= Richebourg-l'Avoué =

Village and former commune in Pas-de-Calais, France

Richebourg-l'Avoué is a village and former commune in the Pas-de-Calais region of France. It was merged with Richebourg-Saint-Vaast to form the commune of Richebourg on 21 February 1971.

The village was the site of the Attack on the Boar's Head on 30 June 1916, by the 11th, 12th and 13th (Southdowns) Battalions of the Royal Sussex Regiment, part of the 116th Southdowns Brigade of the 39th Division. In fewer than five hours the three Southdowns Battalions of the Royal Sussex lost 17 officers and 349 men killed and 1,000 men were wounded or taken prisoner. In the regimental history it is known as "The Day Sussex Died".

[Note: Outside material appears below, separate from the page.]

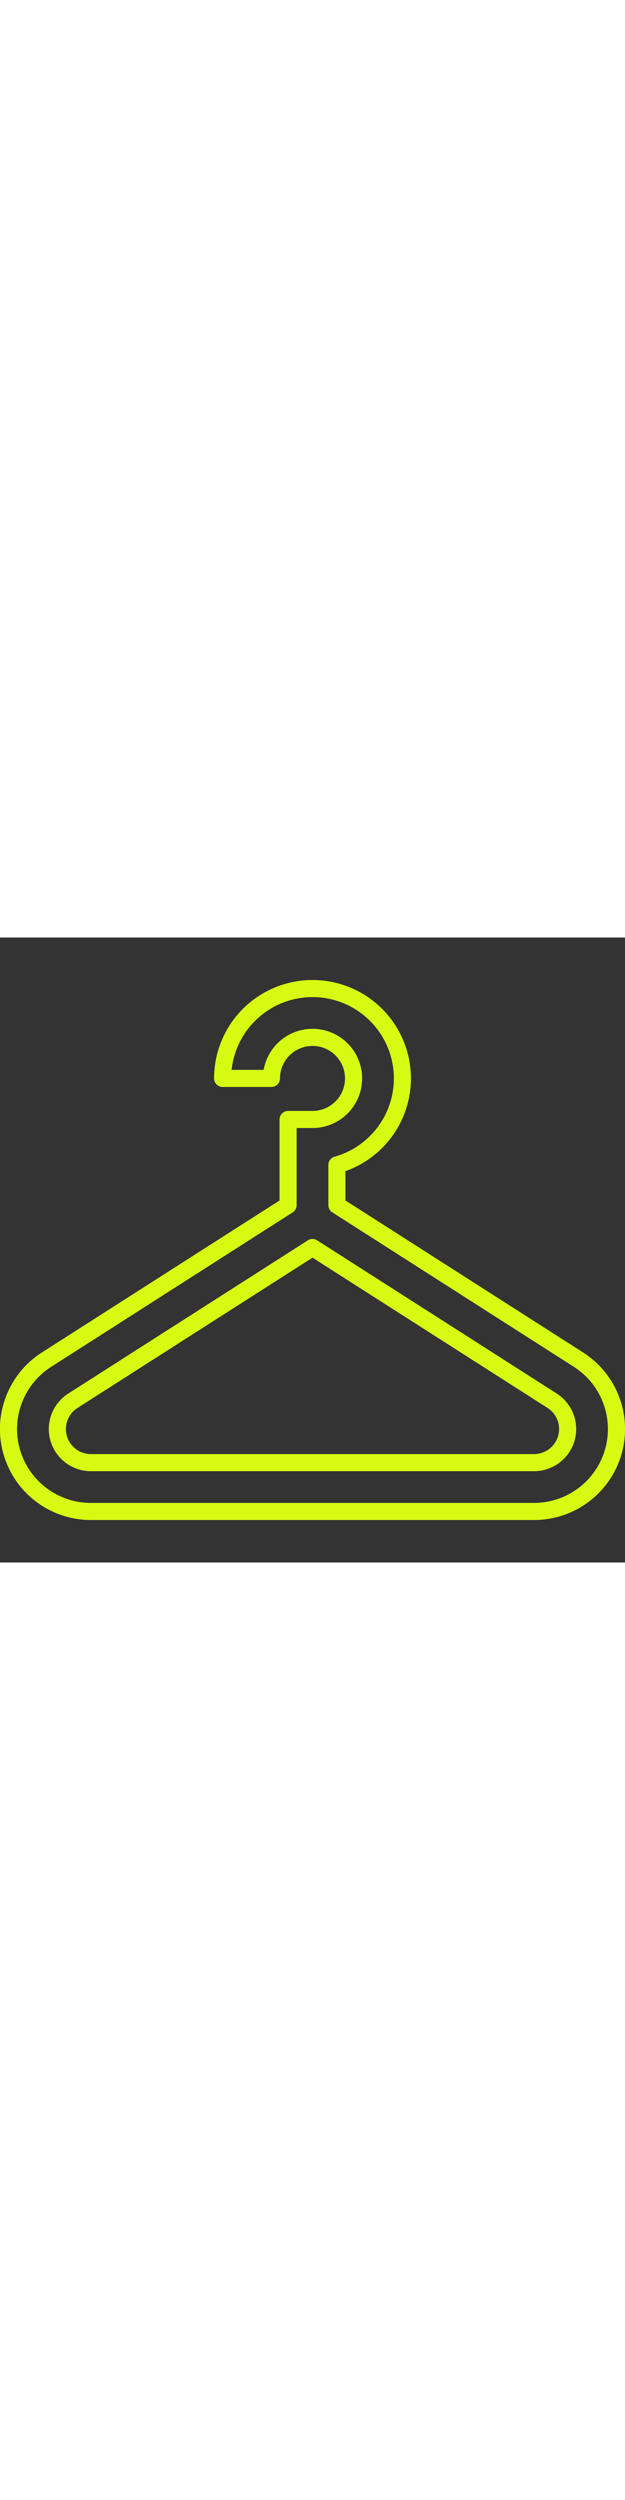 <svg height="512" viewBox="0 0 128 128" xmlns="http://www.w3.org/2000/svg"><rect x="0" y="0" width="128" height="128" fill="#333333" stroke="none"/><g><path fill="#d7fa12" d="m114.04 93.412-49.1-31.394a1.746 1.746 0 0 0 -1.884 0l-49.1 31.4a8.627 8.627 0 0 0 4.67 15.882h90.748a8.627 8.627 0 0 0 4.666-15.883zm-4.666 12.388h-90.748a5.127 5.127 0 0 1 -2.781-9.434l48.155-30.797 48.149 30.788a5.127 5.127 0 0 1 -2.775 9.438z"/><path fill="#d7fa12" d="m119.461 85.01-48.711-31.15v-6.006a20.156 20.156 0 1 0 -26.906-18.993 1.749 1.749 0 0 0 1.75 1.75h10a1.75 1.75 0 0 0 1.75-1.75 6.656 6.656 0 1 1 6.656 6.657h-5a1.749 1.749 0 0 0 -1.75 1.75v16.592l-48.711 31.15a18.626 18.626 0 0 0 10.087 34.29h90.748a18.626 18.626 0 0 0 10.087-34.29zm-10.087 30.79h-90.748a15.127 15.127 0 0 1 -8.2-27.84l49.516-31.667a1.752 1.752 0 0 0 .808-1.475v-15.8h3.25a10.157 10.157 0 1 0 -10-11.907h-6.56a16.657 16.657 0 1 1 21.084 17.783 1.748 1.748 0 0 0 -1.274 1.683v8.241a1.752 1.752 0 0 0 .808 1.475l49.508 31.658a15.128 15.128 0 0 1 -8.192 27.844z"/></g></svg>

Following the 1916 publication, the poet Edmund Blunden recalled reading Masefield's Good Friday in a frontline dugout in Richebourg-l'Avoué just as their sentry was killed by a sniper.

==War memorial==
The Le Touret Commonwealth War Graves Commission cemetery and memorial is sited here. It was begun in November 1914 by the Indian Corps (in particular by the 2nd Leicesters), remaining in use until the end of the war (barring a time in German hands from April–August 1918); the Le Touret Memorial is part of the cemetery. The Rue-des-Berceaux CWGC Cemetery is also sited here and includes the burial site of New Zealand tennis player Tony Wilding.